### Problem to solve
Report back every line from the entries below in which the word "outdoors" occurs.

[Records from a data source]
•••••
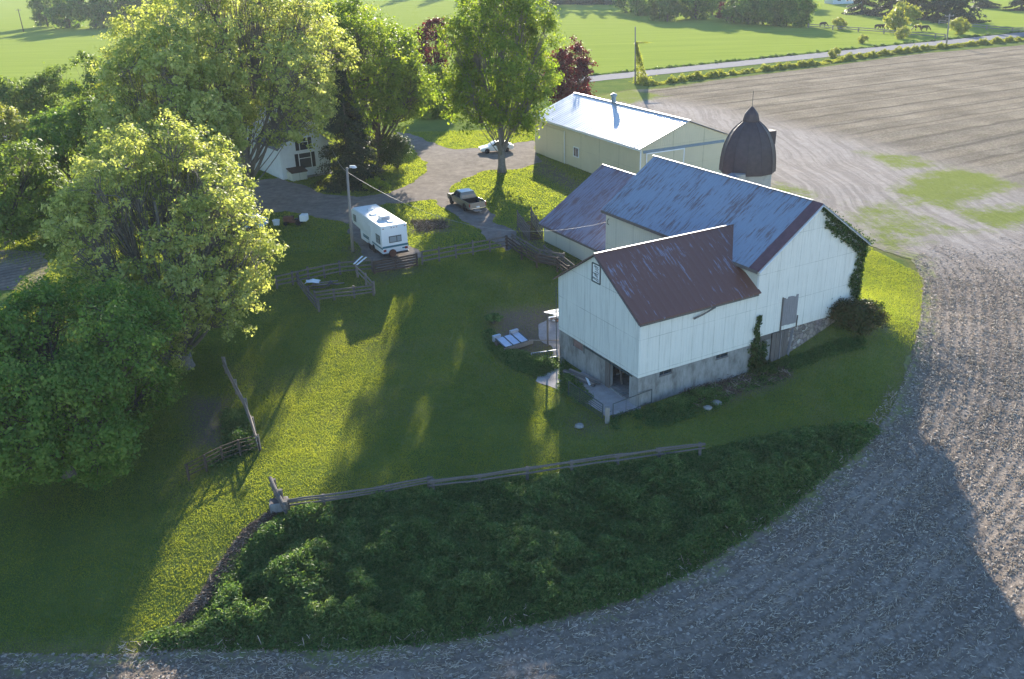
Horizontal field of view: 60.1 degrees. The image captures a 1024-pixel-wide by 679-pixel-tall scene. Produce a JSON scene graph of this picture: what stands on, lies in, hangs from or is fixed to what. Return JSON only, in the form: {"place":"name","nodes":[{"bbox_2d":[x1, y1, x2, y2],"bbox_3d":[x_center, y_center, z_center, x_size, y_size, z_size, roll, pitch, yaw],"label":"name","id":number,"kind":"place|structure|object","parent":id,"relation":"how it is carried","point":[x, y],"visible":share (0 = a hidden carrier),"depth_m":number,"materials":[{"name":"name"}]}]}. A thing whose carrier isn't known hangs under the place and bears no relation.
{"place":"outdoors","nodes":[
{"label":"outdoors","id":0,"kind":"place"},
{"bbox_2d":[0,250,49,289],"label":"tilled field","id":1,"kind":"structure","parent":0,"point":[11,273],"depth_m":80.64,"materials":[{"name":"soil"}]},
{"bbox_2d":[220,132,541,268],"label":"gravel driveway","id":2,"kind":"structure","parent":0,"point":[447,168],"depth_m":100.34,"materials":[{"name":"grey gravel"}]},
{"bbox_2d":[351,204,408,256],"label":"camper trailer","id":3,"kind":"object","parent":2,"relation":"on","point":[384,232],"visible":1,"depth_m":79.52,"materials":[{"name":"white plastic"}]},
{"bbox_2d":[447,188,485,212],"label":"pickup truck","id":4,"kind":"object","parent":2,"relation":"on","point":[467,198],"visible":1,"depth_m":92.89,"materials":[{"name":"grey paint"}]},
{"bbox_2d":[478,140,513,153],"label":"parked car","id":5,"kind":"object","parent":2,"relation":"on","point":[488,148],"visible":0.66,"depth_m":118.10,"materials":[{"name":"white paint"}]},
{"bbox_2d":[0,0,1023,658],"bbox_3d":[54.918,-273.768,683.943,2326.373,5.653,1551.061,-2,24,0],"label":"ground","id":6,"kind":"structure","parent":0,"point":[608,36],"depth_m":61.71,"materials":[{"name":"green plant"}]},
{"bbox_2d":[0,104,36,183],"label":"hedgerow tree","id":7,"kind":"object","parent":6,"relation":"on","point":[8,125],"visible":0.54,"depth_m":105.16,"materials":[{"name":"green plant"}]},
{"bbox_2d":[0,73,46,124],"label":"hedgerow tree","id":8,"kind":"object","parent":6,"relation":"on","point":[12,94],"visible":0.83,"depth_m":116.64,"materials":[{"name":"green plant"}]},
{"bbox_2d":[0,137,76,247],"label":"broadleaf tree","id":9,"kind":"object","parent":6,"relation":"on","point":[39,168],"visible":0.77,"depth_m":83.61,"materials":[{"name":"green plant"}]},
{"bbox_2d":[26,0,63,26],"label":"distant tree","id":10,"kind":"object","parent":6,"relation":"on","point":[38,6],"visible":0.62,"depth_m":369.26,"materials":[{"name":"green plant"}]},
{"bbox_2d":[17,105,90,186],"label":"hedgerow tree","id":11,"kind":"object","parent":6,"relation":"on","point":[51,131],"visible":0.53,"depth_m":100.90,"materials":[{"name":"green plant"}]},
{"bbox_2d":[41,0,88,28],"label":"distant tree","id":12,"kind":"object","parent":6,"relation":"on","point":[58,11],"visible":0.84,"depth_m":355.56,"materials":[{"name":"green plant"}]},
{"bbox_2d":[31,49,115,124],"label":"hedgerow tree","id":13,"kind":"object","parent":6,"relation":"on","point":[55,84],"visible":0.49,"depth_m":119.37,"materials":[{"name":"green plant"}]},
{"bbox_2d":[57,94,123,197],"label":"hedgerow tree","id":14,"kind":"object","parent":6,"relation":"on","point":[77,113],"visible":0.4,"depth_m":96.90,"materials":[{"name":"green plant"}]},
{"bbox_2d":[62,0,118,29],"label":"distant tree","id":15,"kind":"object","parent":6,"relation":"on","point":[96,16],"visible":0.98,"depth_m":347.85,"materials":[{"name":"green plant"}]},
{"bbox_2d":[0,268,197,497],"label":"broadleaf tree","id":16,"kind":"object","parent":6,"relation":"on","point":[67,394],"visible":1,"depth_m":47.46,"materials":[{"name":"green plant"}]},
{"bbox_2d":[86,80,128,121],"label":"hedgerow tree","id":17,"kind":"object","parent":6,"relation":"on","point":[96,93],"visible":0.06,"depth_m":113.94,"materials":[{"name":"green plant"}]},
{"bbox_2d":[94,0,138,25],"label":"distant tree","id":18,"kind":"object","parent":6,"relation":"on","point":[126,3],"visible":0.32,"depth_m":363.16,"materials":[{"name":"green plant"}]},
{"bbox_2d":[116,0,157,23],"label":"distant tree","id":19,"kind":"object","parent":6,"relation":"on","point":[135,2],"visible":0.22,"depth_m":362.65,"materials":[{"name":"green plant"}]},
{"bbox_2d":[35,108,289,387],"bbox_3d":[-23.628,-6.269,60.560,16.867,18.170,16.276,-2,24,0],"label":"maple tree","id":20,"kind":"object","parent":6,"relation":"on","point":[208,201],"visible":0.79,"depth_m":57.63,"materials":[{"name":"green plant"}]},
{"bbox_2d":[80,19,254,253],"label":"maple tree","id":21,"kind":"object","parent":6,"relation":"on","point":[197,107],"visible":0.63,"depth_m":74.11,"materials":[{"name":"green plant"}]},
{"bbox_2d":[184,434,260,480],"bbox_3d":[-17.403,7.147,53.329,4.633,1.727,0.559,-19,29,-34],"label":"rail fence","id":22,"kind":"object","parent":6,"relation":"on","point":[205,461],"visible":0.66,"depth_m":53.25,"materials":[{"name":"brown wood"}]},
{"bbox_2d":[86,0,362,212],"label":"maple tree","id":23,"kind":"object","parent":6,"relation":"on","point":[286,42],"visible":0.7,"depth_m":84.30,"materials":[{"name":"green plant"}]},
{"bbox_2d":[170,511,278,626],"bbox_3d":[-14.718,11.593,45.814,1.380,1.577,8.483,6,25,18],"label":"dry brush","id":24,"kind":"object","parent":6,"relation":"on","point":[199,602],"visible":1,"depth_m":45.52,"materials":[{"name":"brown plant"}]},
{"bbox_2d":[206,407,259,469],"bbox_3d":[-17.390,5.723,55.994,3.304,1.429,7.457,-4,24,-6],"label":"fence","id":25,"kind":"object","parent":6,"relation":"on","point":[232,419],"visible":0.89,"depth_m":55.43,"materials":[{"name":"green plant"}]},
{"bbox_2d":[221,357,261,449],"bbox_3d":[-17.865,4.152,58.661,0.498,2.317,11.172,-13,26,-24],"label":"rail fence","id":26,"kind":"object","parent":6,"relation":"on","point":[240,396],"visible":0.91,"depth_m":58.30,"materials":[{"name":"grey wood"}]},
{"bbox_2d":[269,496,287,512],"bbox_3d":[-12.899,9.193,49.087,1.000,0.670,0.700,-6,24,-10],"label":"concrete block","id":27,"kind":"object","parent":6,"relation":"on","point":[275,506],"depth_m":48.76,"materials":[{"name":"grey concrete"}]},
{"bbox_2d":[269,476,288,514],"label":"rail gate panel","id":28,"kind":"structure","parent":6,"relation":"on","point":[278,493],"depth_m":48.70,"materials":[{"name":"grey wood"}]},
{"bbox_2d":[228,102,331,180],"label":"farmhouse","id":29,"kind":"object","parent":6,"relation":"on","point":[295,161],"visible":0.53,"depth_m":107.84,"materials":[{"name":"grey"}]},
{"bbox_2d":[298,151,312,167],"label":"window","id":30,"kind":"structure","parent":29,"relation":"in","point":[305,159],"depth_m":108.02,"materials":[{"name":"white glass"}]},
{"bbox_2d":[283,213,308,225],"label":"truck","id":31,"kind":"object","parent":6,"relation":"on","point":[301,218],"visible":1,"depth_m":89.14,"materials":[{"name":"metal"}]},
{"bbox_2d":[295,272,319,311],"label":"stock pen","id":32,"kind":"object","parent":6,"relation":"on","point":[308,292],"visible":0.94,"depth_m":72.12,"materials":[{"name":"grey wood"}]},
{"bbox_2d":[274,258,372,288],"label":"rail fence","id":33,"kind":"object","parent":6,"relation":"on","point":[292,277],"visible":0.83,"depth_m":75.61,"materials":[{"name":"grey wood"}]},
{"bbox_2d":[305,279,343,288],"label":"scrap pile","id":34,"kind":"object","parent":6,"relation":"on","point":[316,281],"visible":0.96,"depth_m":74.42,"materials":[{"name":"grey wood"}]},
{"bbox_2d":[313,283,374,302],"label":"rail fence","id":35,"kind":"object","parent":6,"relation":"on","point":[333,290],"visible":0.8,"depth_m":72.13,"materials":[{"name":"grey wood"}]},
{"bbox_2d":[310,67,384,193],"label":"spruce tree","id":36,"kind":"object","parent":6,"relation":"on","point":[345,120],"visible":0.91,"depth_m":101.56,"materials":[{"name":"green plant"}]},
{"bbox_2d":[346,165,356,252],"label":"lamp pole","id":37,"kind":"object","parent":6,"relation":"on","point":[350,214],"visible":0.95,"depth_m":79.63,"materials":[{"name":"grey wood"}]},
{"bbox_2d":[283,476,432,509],"bbox_3d":[-8.480,8.814,49.370,8.264,1.387,0.435,-7,24,-11],"label":"split rail fence","id":38,"kind":"object","parent":6,"relation":"on","point":[322,498],"visible":0.68,"depth_m":49.00,"materials":[{"name":"grey wood"}]},
{"bbox_2d":[278,0,442,162],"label":"maple tree","id":39,"kind":"object","parent":6,"relation":"on","point":[412,86],"visible":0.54,"depth_m":106.13,"materials":[{"name":"green plant"}]},
{"bbox_2d":[345,127,386,175],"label":"spruce tree","id":40,"kind":"object","parent":6,"relation":"on","point":[377,158],"visible":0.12,"depth_m":108.78,"materials":[{"name":"green plant"}]},
{"bbox_2d":[362,175,391,190],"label":"shrub","id":41,"kind":"object","parent":6,"relation":"on","point":[372,183],"visible":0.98,"depth_m":100.45,"materials":[{"name":"green plant"}]},
{"bbox_2d":[376,132,414,167],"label":"round shrub","id":42,"kind":"object","parent":6,"relation":"on","point":[394,148],"visible":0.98,"depth_m":109.92,"materials":[{"name":"green plant"}]},
{"bbox_2d":[373,253,417,273],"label":"wooden gate","id":43,"kind":"structure","parent":6,"relation":"on","point":[395,264],"depth_m":76.83,"materials":[{"name":"brown wood"}]},
{"bbox_2d":[413,15,449,67],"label":"maple tree","id":44,"kind":"object","parent":6,"relation":"on","point":[426,48],"visible":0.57,"depth_m":150.86,"materials":[{"name":"red plant"}]},
{"bbox_2d":[0,129,873,263],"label":"lawn grass","id":45,"kind":"structure","parent":6,"relation":"on","point":[510,188],"depth_m":95.53,"materials":[{"name":"green plant"}]},
{"bbox_2d":[410,213,449,231],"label":"rock pile","id":46,"kind":"object","parent":45,"relation":"on","point":[421,225],"visible":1,"depth_m":87.80,"materials":[{"name":"grey stone"}]},
{"bbox_2d":[417,61,460,119],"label":"maple tree","id":47,"kind":"object","parent":6,"relation":"on","point":[434,112],"visible":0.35,"depth_m":141.69,"materials":[{"name":"green plant"}]},
{"bbox_2d":[421,236,505,263],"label":"rail fence","id":48,"kind":"object","parent":6,"relation":"on","point":[456,249],"visible":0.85,"depth_m":79.16,"materials":[{"name":"grey wood"}]},
{"bbox_2d":[484,312,503,323],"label":"bush","id":49,"kind":"object","parent":6,"relation":"on","point":[492,317],"visible":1,"depth_m":68.24,"materials":[{"name":"green plant"}]},
{"bbox_2d":[431,0,570,172],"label":"maple tree","id":50,"kind":"object","parent":6,"relation":"on","point":[501,103],"visible":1,"depth_m":100.77,"materials":[{"name":"green plant"}]},
{"bbox_2d":[118,385,898,653],"bbox_3d":[5.246,10.190,47.479,49.071,2.046,8.413,-12,26,-23],"label":"field edge straw","id":51,"kind":"object","parent":6,"relation":"on","point":[148,650],"visible":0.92,"depth_m":42.35,"materials":[{"name":"beige plant"}]},
{"bbox_2d":[139,419,883,655],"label":"bank weeds","id":52,"kind":"object","parent":6,"relation":"on","point":[335,529],"visible":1,"depth_m":46.16,"materials":[{"name":"green plant"}]},
{"bbox_2d":[481,328,560,377],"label":"junk weeds","id":53,"kind":"object","parent":6,"relation":"on","point":[529,363],"visible":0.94,"depth_m":63.63,"materials":[{"name":"green plant"}]},
{"bbox_2d":[492,328,558,349],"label":"sheet metal pile","id":54,"kind":"object","parent":6,"relation":"on","point":[516,336],"visible":1,"depth_m":65.77,"materials":[{"name":"grey metal"}]},
{"bbox_2d":[517,207,542,240],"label":"loading chute","id":55,"kind":"object","parent":6,"relation":"on","point":[524,227],"visible":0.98,"depth_m":83.77,"materials":[{"name":"grey wood"}]},
{"bbox_2d":[505,235,569,271],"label":"corral fence","id":56,"kind":"object","parent":6,"relation":"on","point":[536,257],"visible":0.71,"depth_m":76.25,"materials":[{"name":"brown wood"}]},
{"bbox_2d":[511,233,564,265],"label":"corral fence","id":57,"kind":"object","parent":6,"relation":"on","point":[539,249],"visible":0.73,"depth_m":77.06,"materials":[{"name":"grey wood"}]},
{"bbox_2d":[429,442,705,489],"bbox_3d":[3.389,7.518,51.296,16.450,1.448,0.353,-6,24,-10],"label":"split rail fence","id":58,"kind":"object","parent":6,"relation":"on","point":[571,462],"visible":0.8,"depth_m":51.01,"materials":[{"name":"grey wood"}]},
{"bbox_2d":[540,35,598,103],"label":"maple tree","id":59,"kind":"object","parent":6,"relation":"on","point":[565,58],"visible":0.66,"depth_m":131.28,"materials":[{"name":"red plant"}]},
{"bbox_2d":[554,357,596,404],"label":"pad weeds","id":60,"kind":"object","parent":6,"relation":"on","point":[566,377],"visible":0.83,"depth_m":60.24,"materials":[{"name":"green plant"}]},
{"bbox_2d":[536,318,640,415],"bbox_3d":[4.182,1.716,62.532,5.993,0.998,14.731,-13,26,-24],"label":"concrete pad","id":61,"kind":"object","parent":6,"relation":"on","point":[603,394],"visible":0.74,"depth_m":60.13,"materials":[{"name":"grey concrete"}]},
{"bbox_2d":[568,381,602,418],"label":"tube gate","id":62,"kind":"structure","parent":61,"relation":"on","point":[584,399],"depth_m":57.30,"materials":[{"name":"grey metal"}]},
{"bbox_2d":[612,0,634,12],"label":"distant tree","id":63,"kind":"object","parent":6,"relation":"on","point":[621,4],"visible":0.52,"depth_m":353.50,"materials":[{"name":"green plant"}]},
{"bbox_2d":[535,92,727,173],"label":"machine shed","id":64,"kind":"structure","parent":6,"relation":"on","point":[588,133],"depth_m":102.42,"materials":[{"name":"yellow metal"}]},
{"bbox_2d":[545,126,564,163],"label":"sliding door","id":65,"kind":"structure","parent":64,"relation":"in","point":[554,138],"depth_m":112.49,"materials":[{"name":"yellow metal"}]},
{"bbox_2d":[646,148,684,163],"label":"sliding door","id":66,"kind":"structure","parent":64,"relation":"in","point":[677,155],"depth_m":97.76,"materials":[{"name":"white metal"}]},
{"bbox_2d":[634,27,646,83],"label":"utility pole","id":67,"kind":"object","parent":6,"relation":"on","point":[635,60],"visible":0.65,"depth_m":172.20,"materials":[{"name":"brown wood"}]},
{"bbox_2d":[629,41,656,83],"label":"ivy","id":68,"kind":"object","parent":67,"relation":"attached to","point":[641,78],"visible":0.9,"depth_m":172.67,"materials":[{"name":"green plant"}]},
{"bbox_2d":[628,0,658,15],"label":"distant tree","id":69,"kind":"object","parent":6,"relation":"on","point":[639,7],"visible":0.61,"depth_m":335.60,"materials":[{"name":"green plant"}]},
{"bbox_2d":[645,0,671,20],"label":"distant tree","id":70,"kind":"object","parent":6,"relation":"on","point":[653,9],"visible":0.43,"depth_m":314.79,"materials":[{"name":"green plant"}]},
{"bbox_2d":[656,0,683,21],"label":"distant tree","id":71,"kind":"object","parent":6,"relation":"on","point":[674,8],"visible":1,"depth_m":306.23,"materials":[{"name":"green plant"}]},
{"bbox_2d":[603,373,788,429],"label":"foundation weeds","id":72,"kind":"object","parent":6,"relation":"on","point":[682,401],"visible":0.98,"depth_m":56.89,"materials":[{"name":"green plant"}]},
{"bbox_2d":[675,0,718,19],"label":"distant tree","id":73,"kind":"object","parent":6,"relation":"on","point":[701,8],"visible":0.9,"depth_m":311.33,"materials":[{"name":"green plant"}]},
{"bbox_2d":[538,155,870,406],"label":"barn","id":74,"kind":"structure","parent":6,"relation":"on","point":[679,277],"depth_m":60.05,"materials":[{"name":"white paint"}]},
{"bbox_2d":[591,262,600,284],"bbox_3d":[5.505,-4.319,57.811,0.071,1.330,0.970,-14,27,-26],"label":"gable window","id":75,"kind":"structure","parent":74,"relation":"in","point":[596,269],"depth_m":57.78,"materials":[{"name":"glass"}]},
{"bbox_2d":[747,315,769,372],"bbox_3d":[16.847,0.382,60.526,2.021,4.552,0.517,-13,26,-24],"label":"ivy","id":76,"kind":"object","parent":74,"relation":"attached to","point":[755,351],"visible":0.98,"depth_m":60.59,"materials":[{"name":"green plant"}]},
{"bbox_2d":[769,329,788,361],"bbox_3d":[18.669,0.501,61.849,1.510,2.367,0.145,-14,27,-26],"label":"stable door","id":77,"kind":"structure","parent":74,"relation":"in","point":[779,341],"depth_m":61.77,"materials":[{"name":"grey wood"}]},
{"bbox_2d":[779,294,798,332],"bbox_3d":[19.178,-1.812,61.130,1.615,2.650,0.100,-14,27,-26],"label":"loft door","id":78,"kind":"structure","parent":74,"relation":"in","point":[789,306],"depth_m":61.04,"materials":[{"name":"grey wood"}]},
{"bbox_2d":[821,206,874,302],"bbox_3d":[23.231,-5.651,61.864,5.929,8.634,0.471,-14,27,-27],"label":"ivy","id":79,"kind":"object","parent":74,"relation":"attached to","point":[863,245],"visible":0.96,"depth_m":61.99,"materials":[{"name":"green plant"}]},
{"bbox_2d":[719,0,742,22],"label":"distant tree","id":80,"kind":"object","parent":6,"relation":"on","point":[728,3],"visible":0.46,"depth_m":294.74,"materials":[{"name":"green plant"}]},
{"bbox_2d":[679,366,791,406],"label":"foundation litter","id":81,"kind":"object","parent":6,"relation":"on","point":[727,389],"visible":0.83,"depth_m":59.85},
{"bbox_2d":[726,0,761,24],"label":"distant tree","id":82,"kind":"object","parent":6,"relation":"on","point":[744,9],"visible":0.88,"depth_m":286.61,"materials":[{"name":"green plant"}]},
{"bbox_2d":[752,359,778,374],"bbox_3d":[17.401,1.961,60.645,1.868,1.338,1.689,-2,24,0],"label":"bush","id":83,"kind":"object","parent":6,"relation":"on","point":[765,366],"visible":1,"depth_m":60.42,"materials":[{"name":"green plant"}]},
{"bbox_2d":[755,0,782,25],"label":"distant tree","id":84,"kind":"object","parent":6,"relation":"on","point":[764,11],"visible":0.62,"depth_m":279.89,"materials":[{"name":"green plant"}]},
{"bbox_2d":[769,0,811,26],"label":"distant tree","id":85,"kind":"object","parent":6,"relation":"on","point":[781,22],"visible":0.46,"depth_m":277.91,"materials":[{"name":"green plant"}]},
{"bbox_2d":[565,30,1023,77],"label":"verge weeds","id":86,"kind":"object","parent":6,"relation":"on","point":[793,53],"visible":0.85,"depth_m":209.67,"materials":[{"name":"green plant"}]},
{"bbox_2d":[779,0,820,27],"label":"distant tree","id":87,"kind":"object","parent":6,"relation":"on","point":[791,10],"visible":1,"depth_m":273.67,"materials":[{"name":"green plant"}]},
{"bbox_2d":[748,336,869,379],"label":"foundation weeds","id":88,"kind":"object","parent":6,"relation":"on","point":[830,346],"visible":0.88,"depth_m":62.05,"materials":[{"name":"green plant"}]},
{"bbox_2d":[635,36,1023,85],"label":"verge weeds","id":89,"kind":"object","parent":6,"relation":"on","point":[695,75],"visible":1,"depth_m":194.36,"materials":[{"name":"green plant"}]},
{"bbox_2d":[841,0,877,14],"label":"spruce tree","id":90,"kind":"object","parent":6,"relation":"on","point":[863,10],"visible":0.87,"depth_m":316.34,"materials":[{"name":"green plant"}]},
{"bbox_2d":[826,294,895,336],"bbox_3d":[24.585,-1.736,62.891,4.883,2.938,3.891,-2,24,0],"label":"bush","id":91,"kind":"object","parent":6,"relation":"on","point":[861,312],"visible":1,"depth_m":62.21,"materials":[{"name":"green plant"}]},
{"bbox_2d":[808,23,945,37],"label":"paddock fence","id":92,"kind":"object","parent":6,"relation":"on","point":[884,31],"visible":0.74,"depth_m":252.84,"materials":[{"name":"white wood"}]},
{"bbox_2d":[867,0,909,16],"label":"spruce tree","id":93,"kind":"object","parent":6,"relation":"on","point":[888,4],"visible":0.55,"depth_m":308.15,"materials":[{"name":"green plant"}]},
{"bbox_2d":[894,25,910,38],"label":"distant tree","id":94,"kind":"object","parent":6,"relation":"on","point":[902,32],"visible":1,"depth_m":235.08,"materials":[{"name":"green plant"}]},
{"bbox_2d":[882,0,923,31],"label":"distant tree","id":95,"kind":"object","parent":6,"relation":"on","point":[893,20],"visible":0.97,"depth_m":250.32,"materials":[{"name":"green plant"}]},
{"bbox_2d":[895,0,931,18],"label":"spruce tree","id":96,"kind":"object","parent":6,"relation":"on","point":[915,2],"visible":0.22,"depth_m":294.54,"materials":[{"name":"green plant"}]},
{"bbox_2d":[915,0,956,20],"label":"spruce tree","id":97,"kind":"object","parent":6,"relation":"on","point":[930,4],"visible":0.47,"depth_m":285.64,"materials":[{"name":"green plant"}]},
{"bbox_2d":[930,0,989,23],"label":"tree","id":98,"kind":"object","parent":6,"relation":"on","point":[959,10],"visible":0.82,"depth_m":273.54,"materials":[{"name":"green plant"}]},
{"bbox_2d":[947,16,973,34],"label":"distant tree","id":99,"kind":"object","parent":6,"relation":"on","point":[959,25],"visible":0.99,"depth_m":241.10,"materials":[{"name":"green plant"}]},
{"bbox_2d":[970,0,1001,8],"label":"spruce tree","id":100,"kind":"object","parent":6,"relation":"on","point":[985,5],"visible":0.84,"depth_m":326.42,"materials":[{"name":"green plant"}]},
{"bbox_2d":[1002,0,1023,10],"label":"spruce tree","id":101,"kind":"object","parent":6,"relation":"on","point":[1014,3],"visible":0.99,"depth_m":311.31,"materials":[{"name":"green plant"}]},
{"bbox_2d":[0,45,1023,678],"bbox_3d":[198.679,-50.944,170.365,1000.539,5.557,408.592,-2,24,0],"label":"tilled field","id":102,"kind":"structure","parent":0,"point":[912,157],"depth_m":58.72,"materials":[{"name":"soil"}]},
{"bbox_2d":[0,223,1023,678],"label":"corn stubble","id":103,"kind":"object","parent":102,"relation":"on","point":[822,543],"visible":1,"depth_m":44.64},
{"bbox_2d":[719,91,776,186],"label":"silo","id":104,"kind":"object","parent":102,"relation":"on","point":[748,152],"visible":0.45,"depth_m":78.48,"materials":[{"name":"metal"}]},
{"bbox_2d":[4,32,1023,139],"bbox_3d":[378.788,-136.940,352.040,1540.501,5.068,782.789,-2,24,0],"label":"road","id":105,"kind":"structure","parent":0,"point":[727,64],"depth_m":201.70,"materials":[{"name":"grey asphalt"}]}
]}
•••••
### Answer below
{"place":"outdoors","nodes":[
{"label":"outdoors","id":0,"kind":"place"},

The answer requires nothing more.